When the pain had gotten so bad I started moaning and groaning. But the pain was getting worse every minute. My mother took me to the emergency room. The young intern told my mother that there was nothing wrong with me and that I just wanted attention. He gave me a dose of medicine, told her to put a hot water bottle to my stomach and sent us home.
As I was about to go up the steps into the house I threw up the medicine.
The pain got worse than it was before and my mother searched the rest of the night for her hot water bottle. She could not find it to save her life.
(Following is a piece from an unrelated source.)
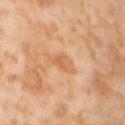follow-up = total-body-photography surveillance lesion; no biopsy
patient = female, about 55 years old
image source = ~15 mm tile from a whole-body skin photo
location = the left thigh
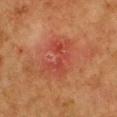No biopsy was performed on this lesion — it was imaged during a full skin examination and was not determined to be concerning. Imaged with cross-polarized lighting. From the front of the torso. Longest diameter approximately 4.5 mm. Automated tile analysis of the lesion measured a footprint of about 9.5 mm², an outline eccentricity of about 0.85 (0 = round, 1 = elongated), and a shape-asymmetry score of about 0.4 (0 = symmetric). The software also gave a mean CIELAB color near L≈38 a*≈29 b*≈28, about 6 CIELAB-L* units darker than the surrounding skin, and a normalized border contrast of about 5.5. It also reported a classifier nevus-likeness of about 0/100 and lesion-presence confidence of about 100/100. A close-up tile cropped from a whole-body skin photograph, about 15 mm across. A female subject in their 50s.

Now it was daybreak and the pain was so, so bad. Back to the hospital we went again. By then the head doctor was there. He examined me and wanted to know who was the doctor who told her to apply a hot water bottle to my stomach. She did not know his name and could not identify him. He told her that it was a good thing she could not find the hot water bottle because if she applied it to my stomach it would have busted the pus bag that had developed from the infection, it would have poisoned my system and that would have been the last of me on this Earth.
Joyce Woods
I Wanted a Large Family
I don’t even know what I’m going to say.
Okay, I’ll talk about me.
Back in 1967, that’s when I decided to leave home and get married, I was 19. So a lot of people didn’t think that was quite a good idea. “Do you think you should finish school first?” or “don’t you think you should just wait a while? Maybe you should save more money.” My mother had a lot of older friends and my parents were elderly when I was 19. They were married 21 years when I was born. So they’re elderly and I came up by myself so I had a nice calm life. I didn’t even know I lived in the ghetto. This is on our block, I knew everybody, the same people when I left, and even the grandparents I would go back and take care of my mother. They and all the children would live on that block, the same parents lived there at that time.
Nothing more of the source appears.